Detective Peter O’Connell paces backwards and forth, backwards and forth, from one end of his dark wooden office to the other. Each trip lasts a few short seconds. Jaw stern, eyes focussed, fists clenched. Plump, webbed veins bulge out through his skin. His focus alters for a second as his eyes dart to the generic clock high above the door. They catch the clock in time to see its thin hands shift; the long one stretches up towards the twelve and the short one tilts down towards the eight.
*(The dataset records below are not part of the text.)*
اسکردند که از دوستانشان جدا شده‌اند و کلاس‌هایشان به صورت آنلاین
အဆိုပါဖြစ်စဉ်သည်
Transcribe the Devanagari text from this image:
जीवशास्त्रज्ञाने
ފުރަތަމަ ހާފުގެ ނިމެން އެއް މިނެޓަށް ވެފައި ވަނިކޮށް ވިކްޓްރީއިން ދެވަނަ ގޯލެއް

O’Connell ceases lapping the room, strides over to his desk, diverts around it and peers through a narrow window out onto the lengthy street. The traffic stretches down endlessly, head to tail. O’Connell scans the cluttered mass of metal and lights for the familiar sight of flashing red and blue. He lets out a sigh; his blue eyes reflect only yellow light. He turns and slowly sits down in front of his miniature desk, picking up a golden pen resting amongst a disorganised stack of papers. He fiddles with it, mesmerised by the reflection of moonlight bouncing off the pen’s glossy surface. Time flows, his mind remains bewitched by the beauty of the pen.
His focus remains unaltered until a dull knock on the door forces him back. He drags gaze away from the reflecting gold and looks up towards the door. He stares through the glass window and observes his colleague; still, patient, waiting for a reply.
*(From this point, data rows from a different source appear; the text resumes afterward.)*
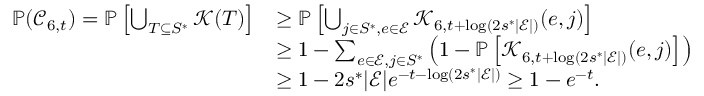
\begin{array} { r l } { \mathbb { P } ( \mathcal { C } _ { 6 , t } ) = \mathbb { P } \left[ \bigcup _ { T \subseteq S ^ { * } } \mathcal { K } ( T ) \right] } & { \ge \mathbb { P } \left[ \bigcup _ { j \in S ^ { * } , e \in \mathcal { E } } \mathcal { K } _ { 6 , t + \log ( 2 s ^ { * } | \mathcal { E } | ) } ( e , j ) \right] } \\ & { \ge 1 - \sum _ { e \in \mathcal { E } , j \in S ^ { * } } \left( 1 - \mathbb { P } \left[ \mathcal { K } _ { 6 , t + \log ( 2 s ^ { * } | \mathcal { E } | ) } ( e , j ) \right] \right) } \\ & { \ge 1 - 2 s ^ { * } | \mathcal { E } | e ^ { - t - \log ( 2 s ^ { * } | \mathcal { E } | ) } \ge 1 - e ^ { - t } . } \end{array}
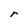
Character: r
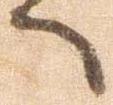
へ

O’Connell glances at the golden pen one last time and places it back amongst the papers. As he does this, his eyes move with purpose towards a photograph. It rests in the centre of O’Connell’s chipped desk; isolated. Two hours ago he had pulled the photograph out from the bottom of a deteriorating cardboard box, now dumped in the far corner of the hollow office. The words ‘THROW OUT’ written across the top of it in faded black ink. The photograph is of a woman; a woman with an enticing smile, flowing dark hair and emerald eyes.